The disappointing outlook comes as Meta is contending with slowing global economic growth, competition from TikTok, privacy changes from Apple, concerns about massive spending on the metaverse and the ever-present threat of regulation.
Executives announced plans to consolidate offices and said Meta would keep headcount flat through the end of 2023.
Meta by the numbers
Revenue fell 4% in the third quarter ended Sept. 30. That deepened a revenue decline begun the previous quarter, when the company posted a first-ever revenue drop of 0.9%, although it was less steep than the 5.6% decline Wall Street had expected, according to IBES data from Refinitiv.
More troubling was the company’s estimate that fourth-quarter revenue would be in the range of $30 billion to $32.5 billion, mostly under analysts’ estimates of $32.2 billion, according to the Refinitiv data.
Meta also forecast that its full-year 2023 total expenses would be $96 billion to $101 billion, significantly higher than a revised estimate for 2022 total expenses of $85 billion to $87 billion.
That includes an estimated $2.9 billion in charges over the course of both 2022 and 2023 from the office downsizing.
It also forecast that operating losses associated with the Reality Labs unit responsible for its metaverse investments would grow in 2023 and pledged to “pace” investments after that.
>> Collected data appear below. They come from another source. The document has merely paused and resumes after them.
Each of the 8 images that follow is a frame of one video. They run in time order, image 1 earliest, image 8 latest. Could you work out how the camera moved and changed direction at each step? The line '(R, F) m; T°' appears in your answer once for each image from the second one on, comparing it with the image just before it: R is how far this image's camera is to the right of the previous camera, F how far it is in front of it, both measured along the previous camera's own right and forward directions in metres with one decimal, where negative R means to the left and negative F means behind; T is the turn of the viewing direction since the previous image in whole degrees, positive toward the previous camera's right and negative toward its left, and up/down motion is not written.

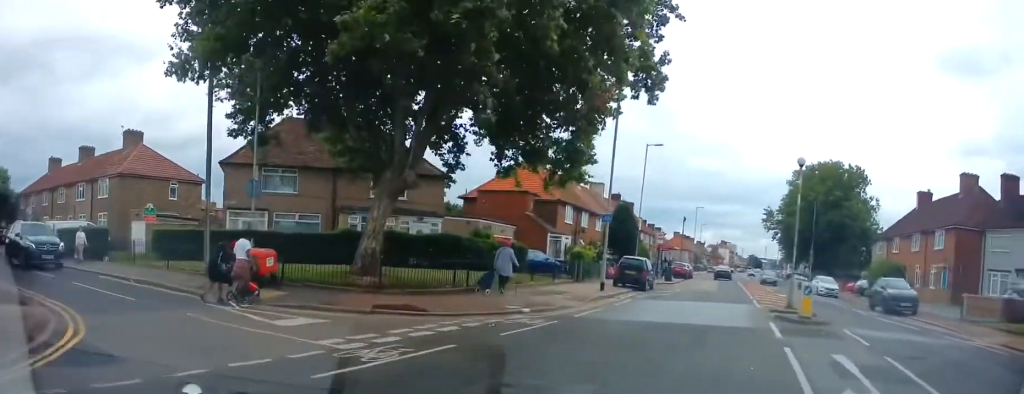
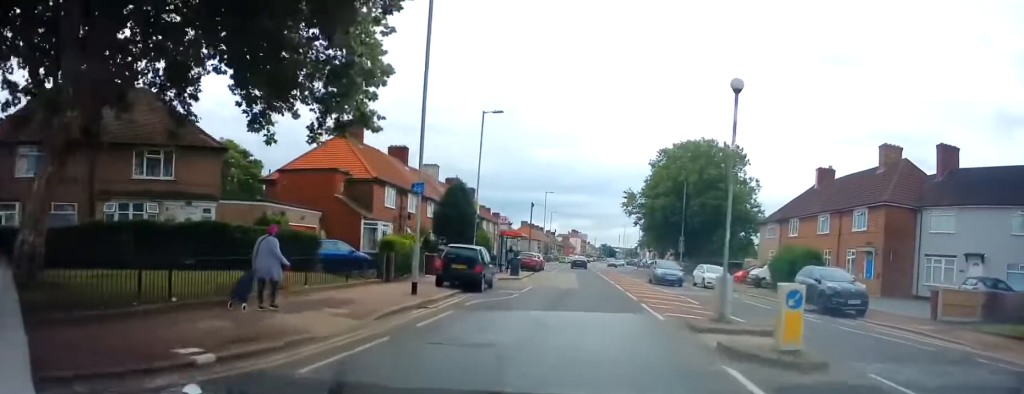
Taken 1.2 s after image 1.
(+1.5, +7.9) m; +14°
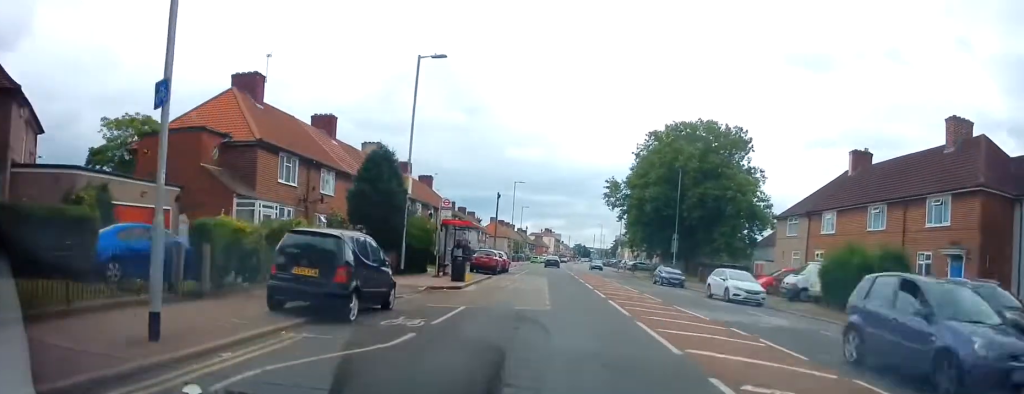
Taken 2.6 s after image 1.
(+0.3, +10.3) m; +2°
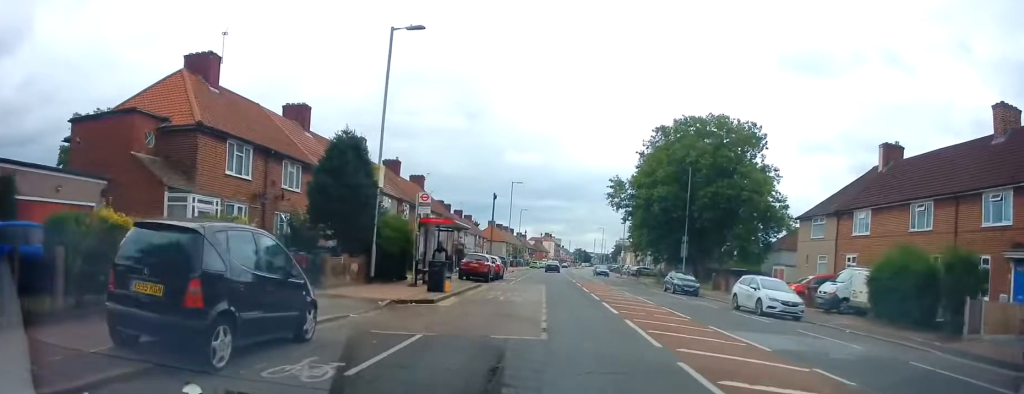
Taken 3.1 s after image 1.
(0.0, +4.3) m; -2°
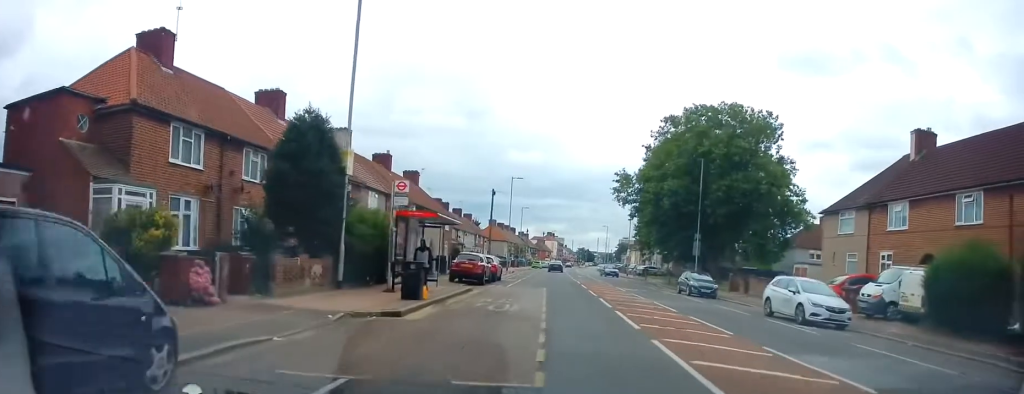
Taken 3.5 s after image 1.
(+0.1, +3.4) m; -1°
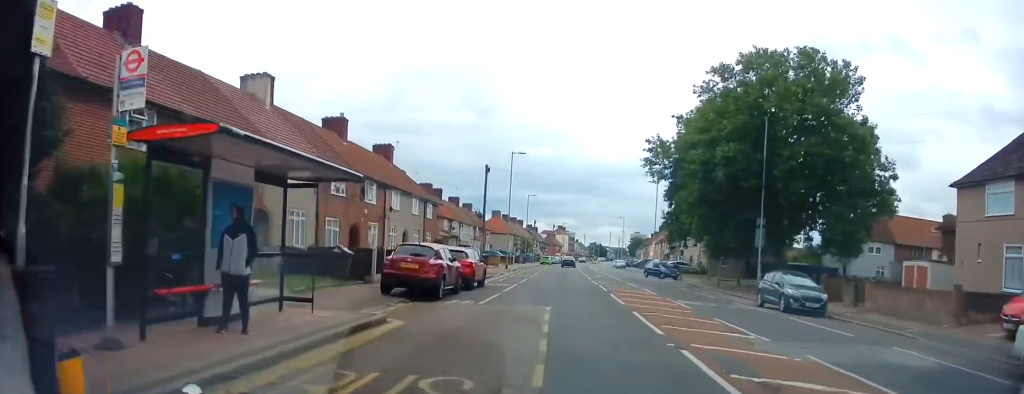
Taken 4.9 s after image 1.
(-0.7, +12.9) m; -3°
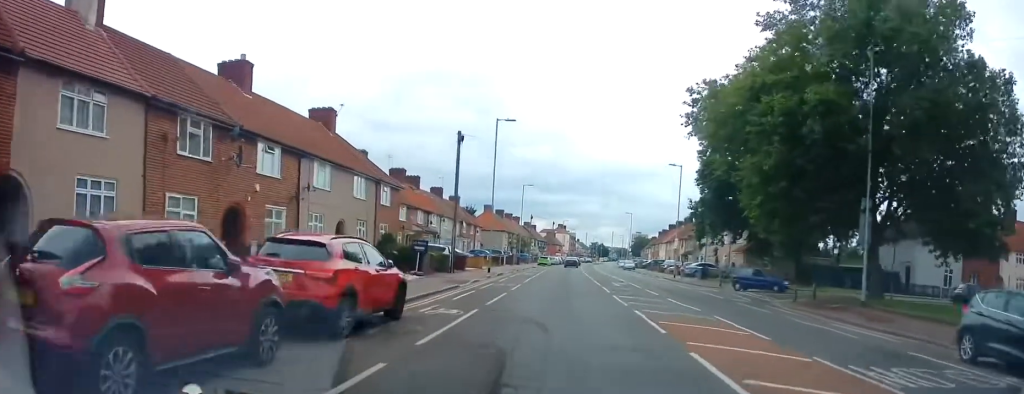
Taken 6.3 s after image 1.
(+0.5, +12.7) m; +3°
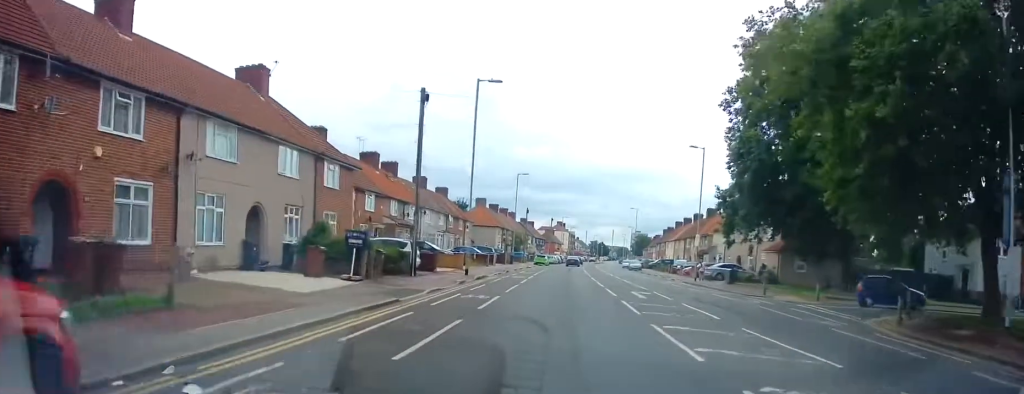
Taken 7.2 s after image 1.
(-0.1, +8.7) m; 0°

Total costs for the third quarter came in above estimates at $22.1 billion, compared with $18.6 billion the year prior.
‘Too many experimental bets’
Meta is carrying out several overhauls of its apps and ads products to keep its core business pumping out profits, while also investing $10 billion a year in a bet on metaverse hardware and software.
Chief executive Mark Zuckerberg has said he expects the metaverse investments to take about a decade to bear fruit. In the meantime, he has had to freeze hiring, shutter projects and reorganize teams to trim costs.
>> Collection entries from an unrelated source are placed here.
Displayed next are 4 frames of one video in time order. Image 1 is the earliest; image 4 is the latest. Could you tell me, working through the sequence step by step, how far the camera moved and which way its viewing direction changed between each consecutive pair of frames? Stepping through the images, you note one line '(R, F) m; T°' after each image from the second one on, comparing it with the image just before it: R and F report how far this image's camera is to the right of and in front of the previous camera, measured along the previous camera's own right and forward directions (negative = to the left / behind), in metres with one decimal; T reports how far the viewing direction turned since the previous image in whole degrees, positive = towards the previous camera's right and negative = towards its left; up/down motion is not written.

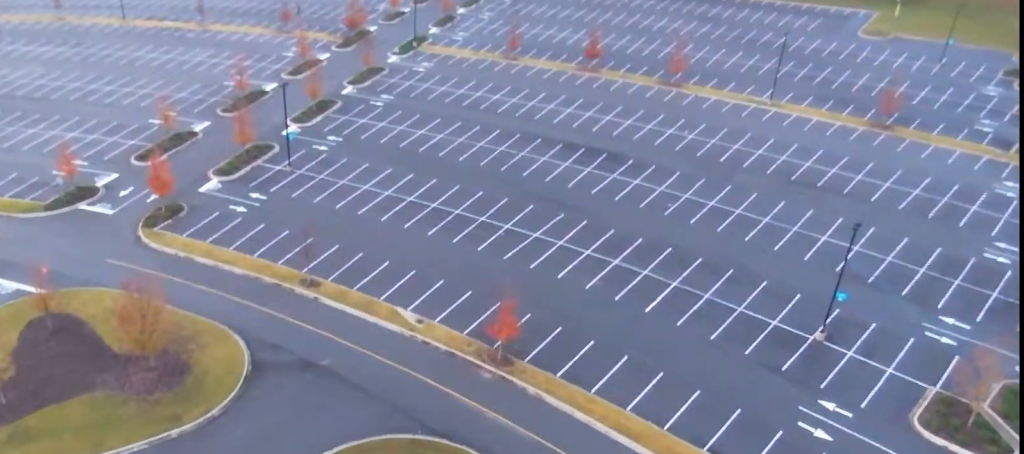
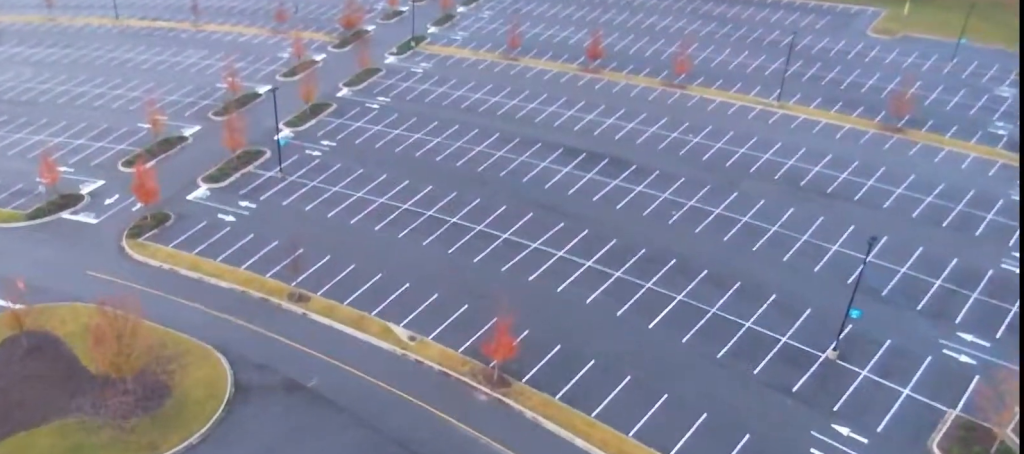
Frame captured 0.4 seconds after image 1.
(0.0, +1.3) m; 0°
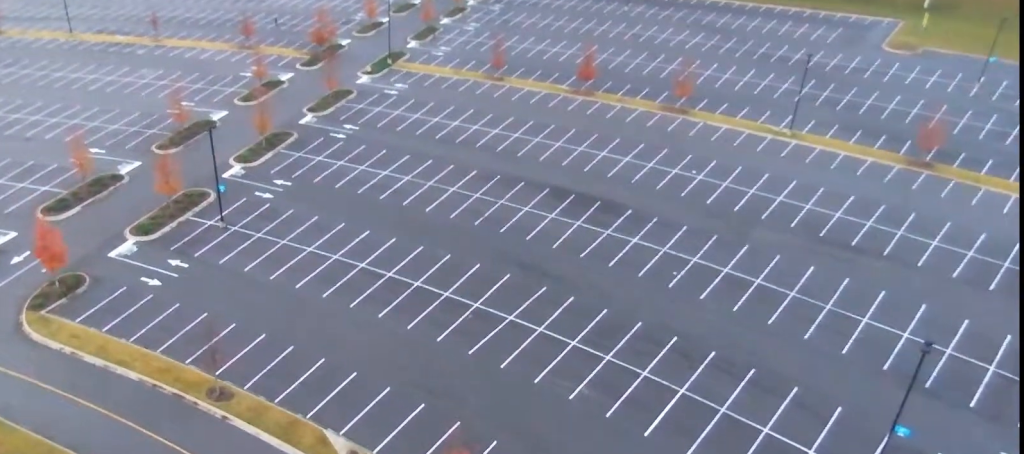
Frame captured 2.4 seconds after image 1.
(0.0, +9.2) m; 0°
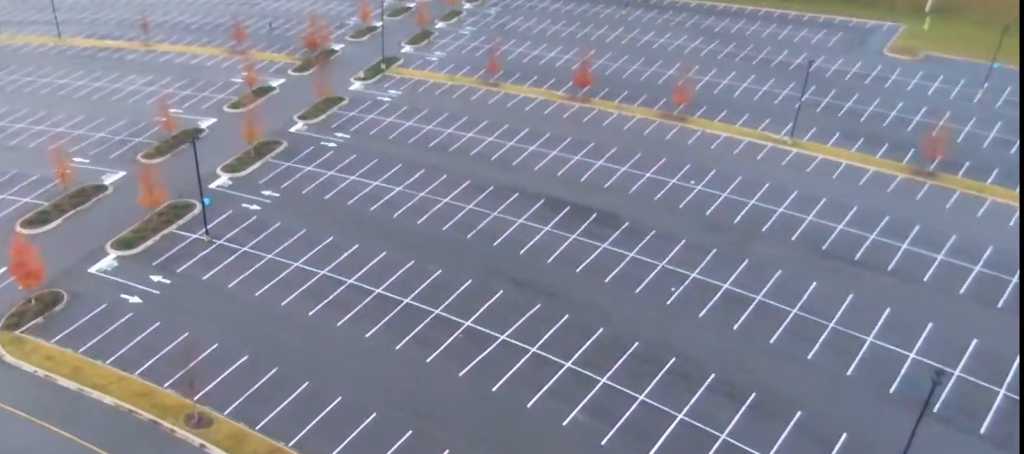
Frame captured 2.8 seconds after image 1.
(0.0, +1.3) m; 0°

An analyst on the investor call told Zuckerberg investors were worried that the company had taken on “just too many experimental bets” and asked the chief executive why he believed his gambles would pay off.
Meta executives defended the spending, saying most of the company’s expenses were still going toward the core business, including investments in more expensive AI-related servers, infrastructure and data centers.
Zuckerberg added that he expected the metaverse work to provide returns over time.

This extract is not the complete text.